The MSA identifies the parties involved in the agreement, including their legal names and addresses.
When will the relationship begin?
Either the date of the agreement/SOW but it can also have an effective date from a prior date if you already started to provide services and now wish to contract.
Scope of the work
The MSA outlines the types of services that the service provider will offer to the client. It may provide a general description of the services or refer to separate SoWs (Statement of Work) for specific projects or engagements.
SLAs (Service Level Agreements) and performance metrics
The MSA may include provisions regarding service levels and performance recourse that the service provider is expected to meet.
Show me the money! The MSA specifies the payment terms (rates, billing frequency, invoicing procedures, and any applicable taxes or additional charges). It may also cover issues related to payment disputes, late payments, or financial penalties. It also has three pricing increase mechanism to cover all your increased payment issues including any third-party increases.
IP (Intellectual Property)
Do not forget to include your IP! It is essential to address the ownership and usage rights of IP created or provided and clarify who retains the ownership of the IP.

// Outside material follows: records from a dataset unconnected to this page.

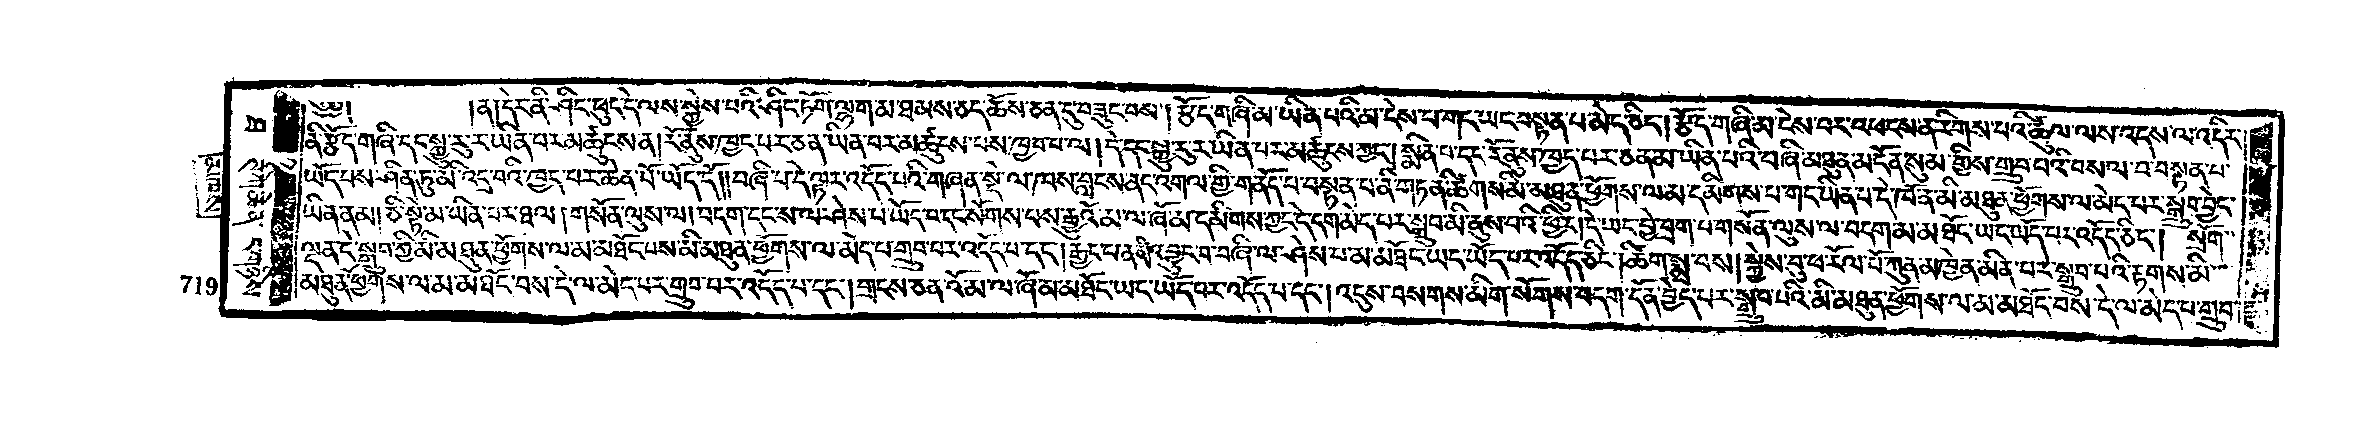༄༅། །ན༑ དེར་ནི་ཤིང་ཕུང་དེ་ལས་སྐྱེས་པའི་ཤིང་ཏོག་ལྷག་མ་ཐམས་ཅད་ཆོས་ཅན་དུ་བཟུང་བས། རྩོད་གཞི་མ་ཡིན་པའི་མ་ངེས་པ་གང་ཡང་བསྟན་པ་མེད་ཅིང་། རྩོད་གཞི་མ་ངེས་པར་འཕངས་ན་རིགས་པའི་ཚུལ་ལས་འདས་ལ་འདིར་
ནི་རྩོད་གཞི་དང་སྐྱུ་རུ་ར་ཡིན་པར་མཚུངས་ན། རོ་ནུས་ཁྱད་པར་ཅན་ཡིན་པར་མཚུངས་པས་ཁྱབ་པ་ལ། དེ་དང་སྐྱུ་རུ་ར་ཡིན་པར་མཚུངས་ཀྱང་། སྨིན་པ་དང་རོ་ནུས་ཁྱད་པར་ཅན་མ་ཡིན་པའི་གཞི་མཐུན་མངོན་སུམ་གྱིས་གྲུབ་པའི་བསལ་བ་བསྟན་པ་
ཡོད་པས་ཤིན་ཏུ་མི་འདྲ་བའི་ཁྱད་པར་ཆེན་པོ་ཡོད་དོ། །བཞི་པ་དེ་ལྟར་འདོད་པའི་གཞན་སྡེ་ལ་ཁས་བླངས་ནང་འགལ་གྱི་གནོད་པ་བསྟན་པ་ནི་གཏན་ཚིགས་མི་མཐུན་ཕྱོགས་ལ་མ་དམིགས་པ་གང་ཡིན་པ་དེ་ཁོ་ན་མི་མཐུན་ཕྱོགས་ལ་མེད་པར་སྒྲུབ་བྱེད་
ཡིན་ནམ། ཅི་སྟེ་མ་ཡིན་པར་ཐལ། གསོན་ལུས་ལ་བདག་དང་ས་ལ་ཤེས་པ་ཡོད་པ་དང་སོགས་པས་རྒྱུའོ་མ་ལ་ཞོ་མ་དམིགས་ཀྱང་དེ་དག་མེད་པར་སྒྲུབ་མི་ནུས་པའི་ཕྱིར། དེ་ཡང་བྱེ་བྲག་པ་གསོན་ལུས་ལ་བདག་མ་མཐོང་ཡང་ཡོད་པར་འདོད་ཅིང་། སྲོག་
ལྡན་དེ་སྒྲུབ་ཀྱི་མི་མཐུན་ཕྱོགས་ལ་མ་མཐོང་བས་མི་མཐུན་ཕྱོགས་ལ་མེད་པ་གྲུབ་པར་འདོད་པ་དང་། རྒྱང་པ་ན་མི་འབྱུང་བ་བཞི་ལ་ཤེས་པ་མ་མཐོང་ཡང་ཡོད་པར་འདོད་ཅིང་། ཚིག་སྨྲ་བས། སྐྱེས་བུ་ཕ་རོལ་པོ་ཀུན་མཁྱེན་མིན་པར་སྒྲུབ་པའི་རྟགས་མི་
མཐུན་ཕྱོགས་ལ་མ་མཐོང་བས་དེ་ལ་མེད་པར་གྲུབ་པར་འདོད་པ་དང་། གྲངས་ཅན་འོ་མ་ལ་ཞོ་མ་མཐོང་ཡང་ཡོད་པར་འདོད་པ་དང་། འདུས་བསགས་མིག་སོགས་བདག་དོན་བྱེད་པར་སྒྲུབ་པའི་མི་མཐུན་ཕྱོགས་ལ་མ་མཐོང་བས་དེ་ལ་མེད་པ་གྲུབ་

Confidentiality and Data Protection
The MSA should also protect the confidentiality of sensitive information shared between the parties. Be sure to outline the obligations regarding data protection, privacy, and security measures to safeguard confidential or personal data.
Term and termination
Sadly, all good things come to an end. Make sure you set out the duration of the agreement, including the start and end dates. It is wise to also have provisions for early termination, termination for cause, or notice periods required for termination.
The MSA can also specify the process for resolving disputes, such as through negotiation, mediation, or arbitration. It may also identify the governing law and jurisdiction for legal proceedings, if necessary.
Liability and Indemnification
Accidents happen, and so this section is so important to address the allocation of risks and liabilities between the parties. It may outline limitations of liability, insurance requirements, and provisions for indemnification in case of damages, losses, or claims arising from the services provided.
Governing Law and Entire Agreement
The MSA typically includes a choice of law clause, specifying which jurisdiction's laws govern the agreement. It may also state that the MSA represents the entire agreement between the parties, superseding any prior or contemporaneous agreements or understandings.
Questions to consider when drafting an MSA
Preparing for potential issues in advance is important. A service delay or a vendor going bankrupt could derail the project.
Here are some useful questions to answer for your MSA:
- What services will you provide? Professional, managed or both?
- Have you included wording for Microsoft (DPoR, CPoR, NCE, CSP)?
- Who will be held responsible for each part of the project?
- What work will you do together?
- What are you agreeing to provide?
- When will you deliver the product/service and who is responsible for setting it up?
- Who is managing the project and who will deal with the fallout if things go wrong?
- Who will supply / conduct background checks for employees working on the project?
- Who will pay and when and how often? When will payments stop?
- Who will cover insurance expenses?
- Do you want to hold funds in escrow, how will they be released?
- Are there Government requirements, taxes, and tax responsibilities to consider – who will pay?
- How should you handle services provided by a third party?
- How can you call time when one or both parties want to terminate the relationship?